Now, one could conceivably argue that the mass deconstruction of such old buildings was partially purposeful. Much is made of the fact that the old buildings were probably hazardous or falling apart. Most buildings can be repaired however and restored to their former glory or brought back in line to whatever arcane bureaucratic code currently governs the populace. I do think most old buildings were in fact destroyed purposely, mostly to make way for some other new building or structure that someone else funded. One can trace the destruction of many old buildings in the US cities around the turn of the 20th century to families such as the Vanderbilts, Rockefellers and Morgans. These people wanted to impart their own legacy buildings upon the public and if that meant tearing down what was already there, that was simply a small problem a little money could easily fix.

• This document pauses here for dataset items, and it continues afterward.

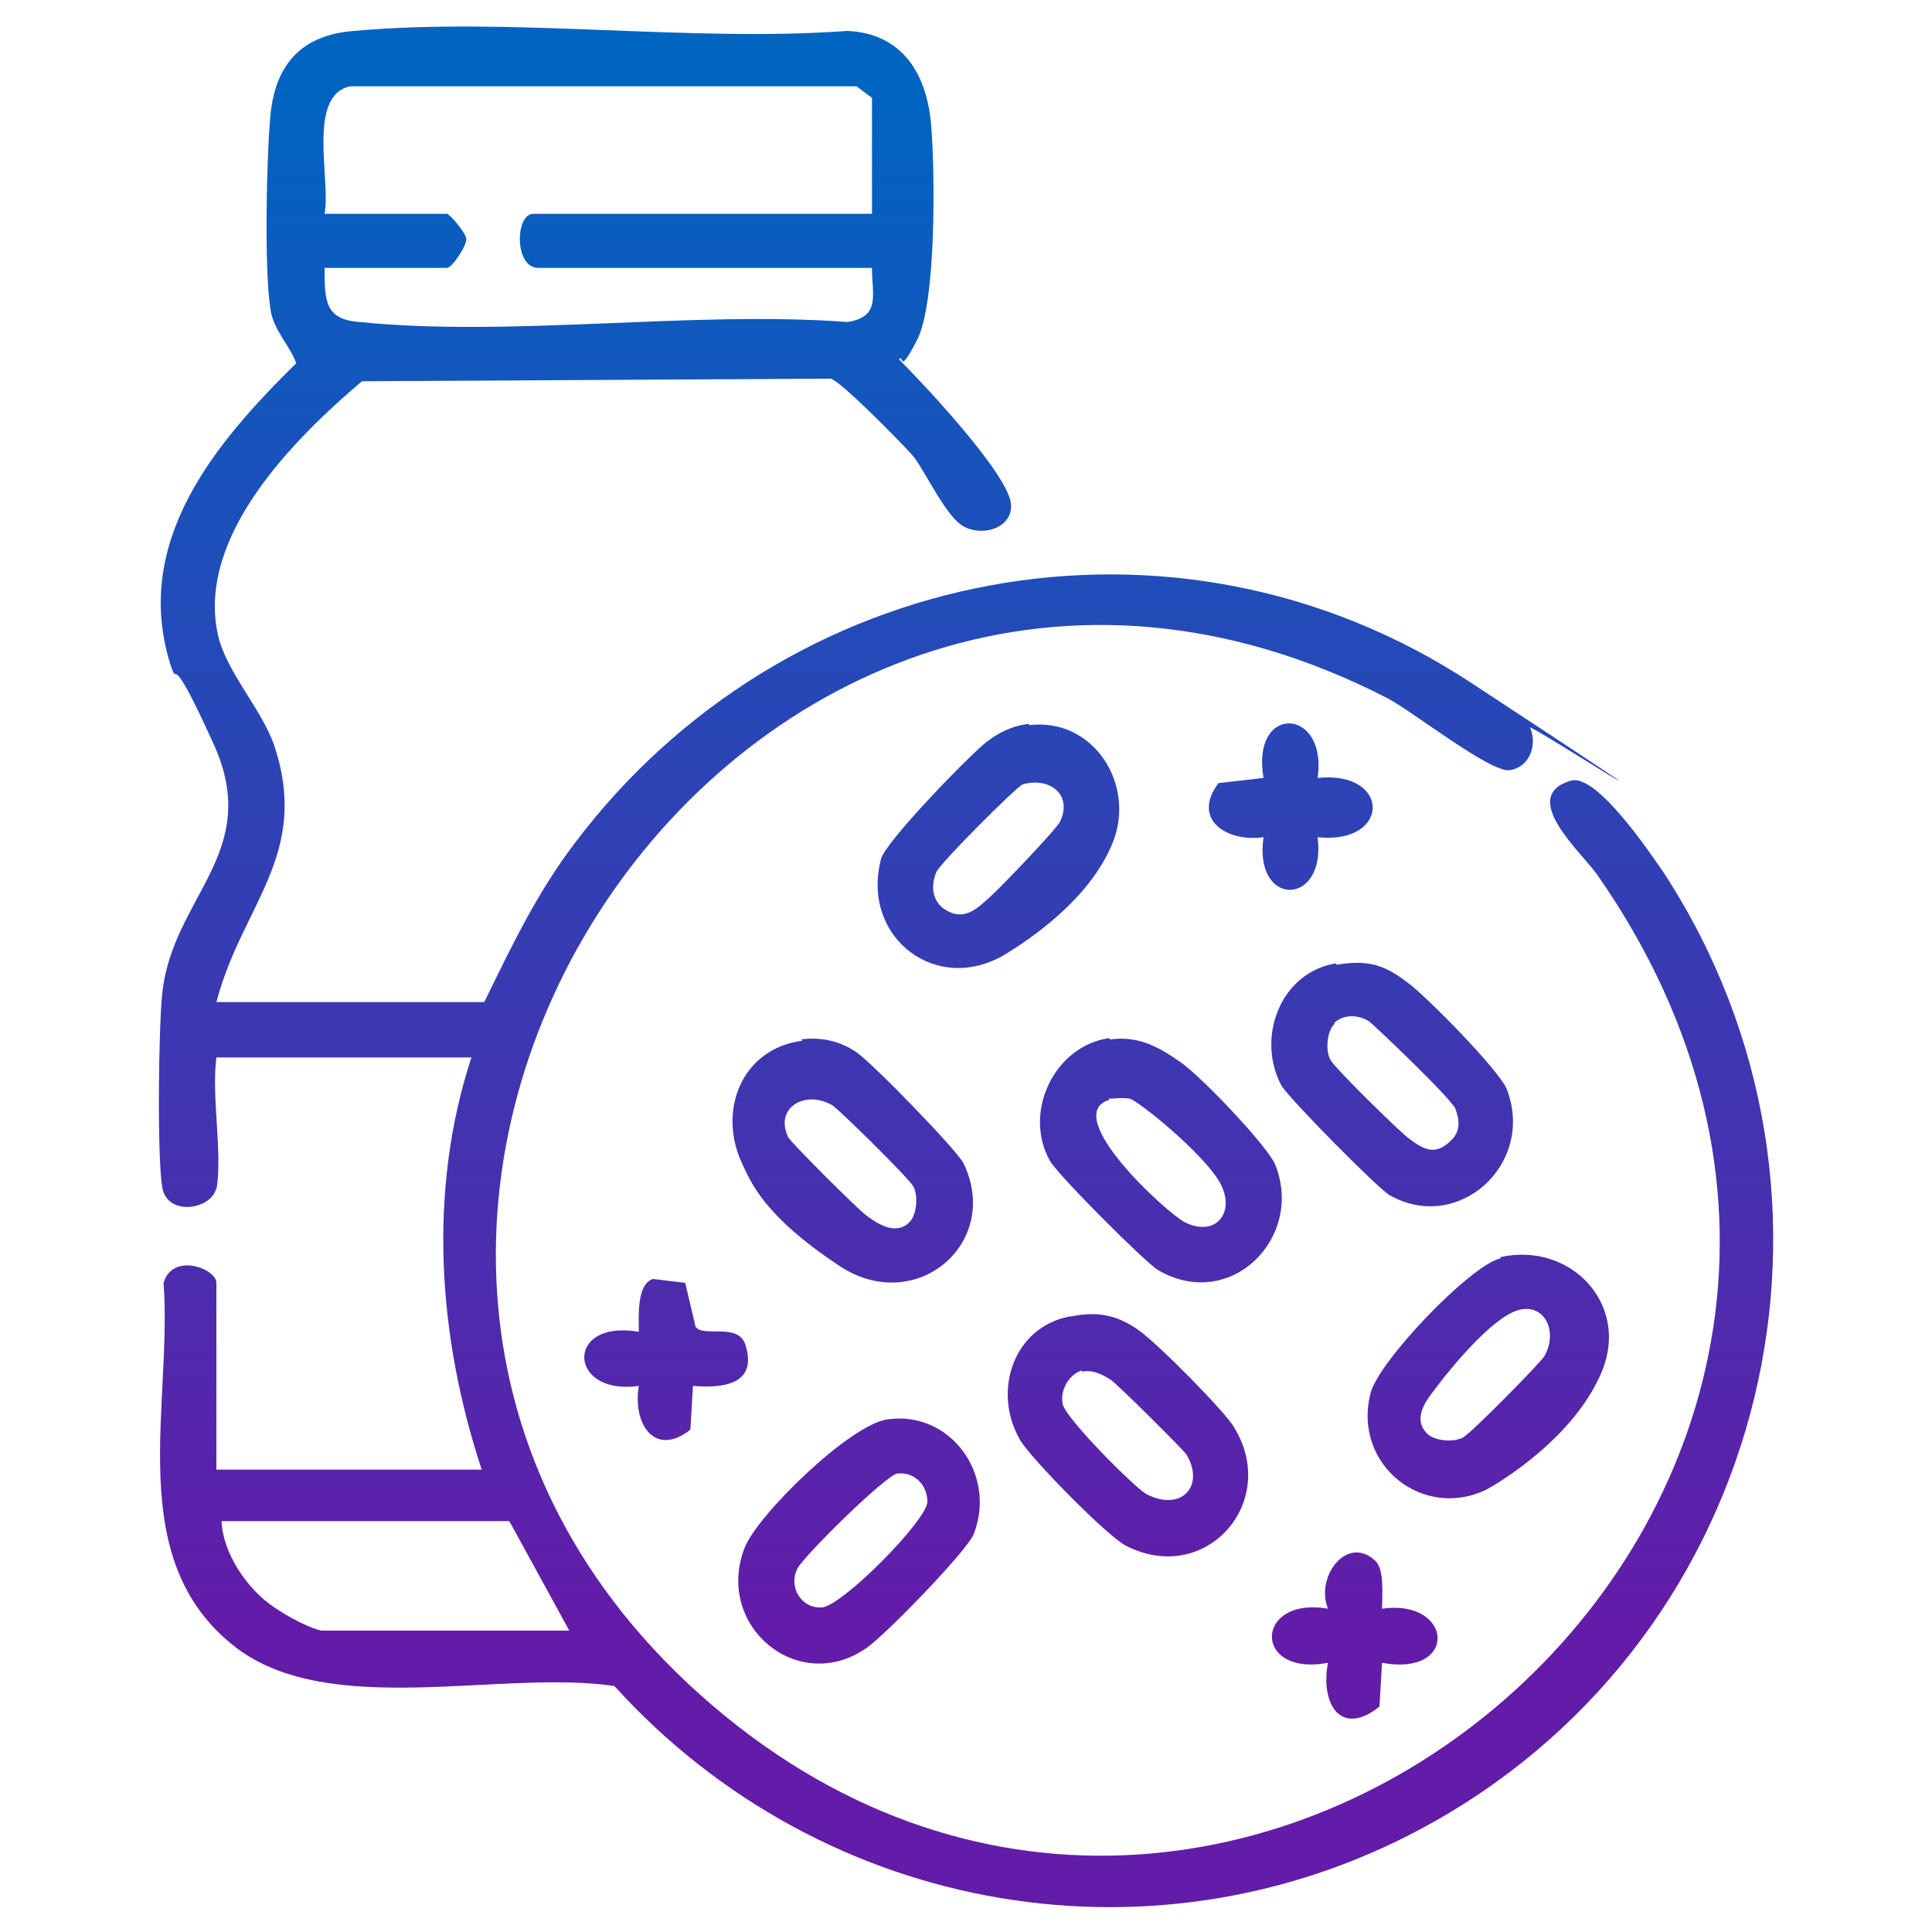 <?xml version="1.0" encoding="UTF-8"?>
<svg id="Layer_1" xmlns="http://www.w3.org/2000/svg" version="1.1" xmlns:xlink="http://www.w3.org/1999/xlink" viewBox="0 0 150 150">
  <!-- Generator: Adobe Illustrator 29.2.1, SVG Export Plug-In . SVG Version: 2.1.0 Build 116)  -->
  <defs>
    <style>
      .st0 {
        fill: url(#linear-gradient2);
      }

      .st1 {
        fill: url(#linear-gradient10);
      }

      .st2 {
        fill: url(#linear-gradient1);
      }

      .st3 {
        fill: url(#linear-gradient9);
      }

      .st4 {
        fill: url(#linear-gradient8);
      }

      .st5 {
        fill: url(#linear-gradient7);
      }

      .st6 {
        fill: url(#linear-gradient4);
      }

      .st7 {
        fill: url(#linear-gradient5);
      }

      .st8 {
        fill: url(#linear-gradient3);
      }

      .st9 {
        fill: url(#linear-gradient6);
      }

      .st10 {
        fill: url(#linear-gradient);
      }
    </style>
    <linearGradient id="linear-gradient" x1="75" y1="125.9" x2="75" y2="6.4" gradientUnits="userSpaceOnUse">
      <stop offset="0" stop-color="#621ca8"/>
      <stop offset="1" stop-color="#0064c1"/>
    </linearGradient>
    <linearGradient id="linear-gradient1" x1="66.1" y1="125.9" x2="66.1" y2="6.4" xlink:href="#linear-gradient"/>
    <linearGradient id="linear-gradient2" x1="66.7" y1="125.9" x2="66.7" y2="6.4" xlink:href="#linear-gradient"/>
    <linearGradient id="linear-gradient3" x1="108.2" y1="125.9" x2="108.2" y2="6.4" xlink:href="#linear-gradient"/>
    <linearGradient id="linear-gradient4" x1="115.5" y1="125.9" x2="115.5" y2="6.4" xlink:href="#linear-gradient"/>
    <linearGradient id="linear-gradient5" x1="90.2" y1="125.9" x2="90.2" y2="6.4" xlink:href="#linear-gradient"/>
    <linearGradient id="linear-gradient6" x1="77.5" y1="125.9" x2="77.5" y2="6.4" xlink:href="#linear-gradient"/>
    <linearGradient id="linear-gradient7" x1="87.7" y1="125.9" x2="87.7" y2="6.4" xlink:href="#linear-gradient"/>
    <linearGradient id="linear-gradient8" x1="100.2" y1="125.9" x2="100.2" y2="6.4" xlink:href="#linear-gradient"/>
    <linearGradient id="linear-gradient9" x1="105.2" x2="105.2" y2="6.4" xlink:href="#linear-gradient"/>
    <linearGradient id="linear-gradient10" x1="51.8" y1="125.9" x2="51.8" y2="6.4" xlink:href="#linear-gradient"/>
  </defs>
  <path class="st10" d="M16.8,92.2c-.3,1.7-3.8,2.3-4.2,0s-.3-12.3,0-15.1c.8-7.5,7.8-10.9,4-19.3s-2.6-3.9-3.4-6.3c-2.9-9.5,3.5-17.1,9.8-23.3-.5-1.4-1.8-2.6-2-4.2-.5-3.1-.3-11.9,0-15.1.4-4,2.5-6.2,6.5-6.5,12.2-1.1,26,.9,38.3,0,4.3.2,6.2,3.4,6.5,7.4.3,3.6.4,13.7-1.1,16.6s-1,1-1.4,1.5c1.8,1.8,8.8,9.2,8.7,11.4,0,1.8-2.4,2.4-3.8,1.5s-3-4.5-3.9-5.5-5.5-5.7-6.3-5.9l-36.4.2c-5.3,4.5-12.8,12-11.2,19.6.6,2.9,3.4,5.8,4.4,8.7,2.8,8.5-2.5,12.3-4.5,19.9h20.8c2.1-4.3,4.1-8.5,7-12.3,16.3-21.7,46.6-27.6,69.6-12.5s4.3,3,4.6,3.5c.6,1.4-.1,3.1-1.6,3.3s-7.7-4.7-9.5-5.6C57.8,28.5,13.1,96.3,55.3,132.4c41.6,35.6,101.7-17.2,68.7-64.5-1.2-1.7-6.2-6.1-2-7.3,2-.5,6.1,5.6,7.2,7.2,16.4,25.2,8.2,58.9-17.8,73.6-21.2,12-47.5,7.4-63.7-10.5-8.8-1.3-22.1,2.6-29.4-3-8.8-6.8-4.9-18.7-5.6-28.3.7-2.4,4.1-1.1,4.1,0v14.5h20.6c-3.4-10.3-4.2-21.6-.8-32h-19.8c-.4,3.1.5,7.4,0,10.3ZM67.7,16.7V7.6l-1.2-.9H27.2c-3.4.7-1.5,7.3-2,9.9h9.5c.2,0,1.4,1.4,1.5,1.9s-1.1,2.3-1.5,2.3h-9.5c0,2.5,0,4,2.7,4.2,11.9,1.2,25.8-.9,37.9,0,2.6-.4,1.9-2.1,1.9-4.2h-25.9c-1.9,0-1.8-4.2-.4-4.2h26.3ZM39.5,118.1h-22.3c.1,2.5,2,5.3,4.1,6.7s3.5,1.8,3.7,1.8h19.2l-4.6-8.4Z"/>
  <path class="st2" d="M62.2,80.7c1.5-.2,3,.1,4.3,1s7.7,7.5,8.3,8.6c3,6.2-3.7,11.9-9.6,8s-6.9-6.5-7.6-8c-1.9-4.1,0-8.9,4.7-9.5ZM70.6,94.9c.6-.6.7-2.1.3-2.8s-5.9-6.1-6.3-6.3c-2.1-1.2-4.5.2-3.4,2.5.2.4,5.4,5.6,6.1,6.1s2.2,1.6,3.3.5Z"/>
  <path class="st0" d="M68.9,110.2c4.9-.7,8.5,4.3,6.7,8.9-.5,1.3-7,8-8.4,8.9-5.3,3.6-11.7-1.8-9.4-7.8,1-2.6,8.2-9.6,11.1-10ZM69.7,114.4c-.8,0-7.3,6.4-7.8,7.4-.7,1.4.3,3.1,1.9,3s8.2-6.8,8.2-8.2-1.1-2.3-2.2-2.2Z"/>
  <path class="st8" d="M103.8,74.9c2.4-.4,3.7,0,5.5,1.4,1.4,1,7.2,6.9,7.7,8.3,2.2,5.8-3.8,11.2-9.1,8.2-.9-.5-7.8-7.5-8.4-8.5-2-3.7-.1-8.8,4.2-9.5ZM103.6,79.5c-.6.6-.7,2.1-.3,2.8s5.5,5.7,6.1,6.1c1.3,1,2.2,1.3,3.4,0,.6-.7.5-1.5.2-2.3s-6.3-6.5-6.7-6.8c-.8-.5-1.9-.6-2.7.1Z"/>
  <path class="st6" d="M116.5,97.6c5.4-1.2,10,3.6,7.9,8.8s-8,8.7-8.9,9.2c-4.9,2.5-10.5-1.8-9.1-7.4.6-2.5,7.8-10,10.1-10.5ZM110.8,111.3c.6.6,2.1.7,2.8.3s6.1-5.9,6.3-6.3c1.2-2.1-.2-4.5-2.5-3.4s-5.6,5.4-6.1,6.1c-.7.9-1.6,2.2-.5,3.3Z"/>
  <path class="st7" d="M86.2,80.7c2.2-.3,3.8.6,5.5,1.8s6.7,6.5,7.3,7.9c2.3,5.7-3.5,11.5-9.1,8.2-1-.6-7.8-7.4-8.4-8.5-2.1-3.8.4-8.9,4.6-9.5ZM86.1,85.4c-3.8,1.2,4.5,8.8,5.9,9.5,2.4,1.2,4-.8,2.7-3.1s-6.4-6.4-7-6.5-1.1,0-1.6,0Z"/>
  <path class="st9" d="M79.9,56.3c5-.6,8.3,4.6,6.5,9.1s-6.6,7.6-8.2,8.6c-5.4,3.4-11.4-1.2-9.8-7.3.3-1.3,6.9-8.1,8.2-9.1s2.4-1.3,3.3-1.4ZM79.4,60.9c-.5.2-6.4,6.1-6.7,6.8-.5,1.2-.3,2.5,1,3.1s2.2-.3,3.1-1.1,5.2-5.3,5.5-5.9c1-2.1-.8-3.5-2.9-2.9Z"/>
  <path class="st5" d="M83.2,102.2c2-.4,3.5-.1,5.1,1s6.9,6.5,7.5,7.6c3.6,5.8-2.2,12.4-8.4,9.2-1.4-.7-7.4-6.8-8.2-8.2-2.2-3.8-.5-8.8,3.9-9.6ZM84,106.4c-1,.3-1.7,1.5-1.5,2.6s5.6,6.5,6.5,7c2.7,1.4,4.6-.6,3.1-3.1-.3-.4-5.4-5.5-5.9-5.8s-1.3-.8-2.2-.6Z"/>
  <path class="st4" d="M102.3,60.4c5.7-.6,5.7,5.2,0,4.6.7,5.4-5,5.5-4.2,0-2.9.4-5.6-1.4-3.5-4.2l3.5-.4c-1-5.8,5-5.5,4.2,0Z"/>
  <path class="st3" d="M106.8,121.2c.7.7.5,2.7.5,3.7,5.5-.8,6,5.3,0,4.2l-.2,3.4c-3,2.4-4.6-.2-4-3.4-5.9,1.1-5.7-5.2,0-4.2-1-2.5,1.5-5.8,3.7-3.7Z"/>
  <path class="st1" d="M53.8,107.6l-.2,3.4c-2.8,2.2-4.5-.5-4-3.4-5.5.8-5.8-5.2,0-4.2,0-1.1-.2-3.7,1.1-4.1l2.5.3.8,3.4c.6.9,3.4-.4,3.9,1.5.9,3-1.8,3.3-4.1,3.1Z"/>
</svg>

On the European side, the destruction of their beautiful traditional buildings can frequently be traced back to the World Wars. While the US escaped any lasting physical scars from the wars, the horrific warfare absolutely devastated the European continent. Entire cities like Dresden were bombed out of existence and may priceless old buildings were lost to senseless destruction. This becomes a point where one could veer into the conspiratorial; were such buildings in nations purposely destroyed so as to extinguish flames of patriotism within the nation and drive the citizens into despair? One could go even further and question if the World Wars were themselves planned so as to destroy European civilizations on the cusp of greatness and grind them back down to a more manageable level, but that would be outside the scope of this discussion on Tartaria.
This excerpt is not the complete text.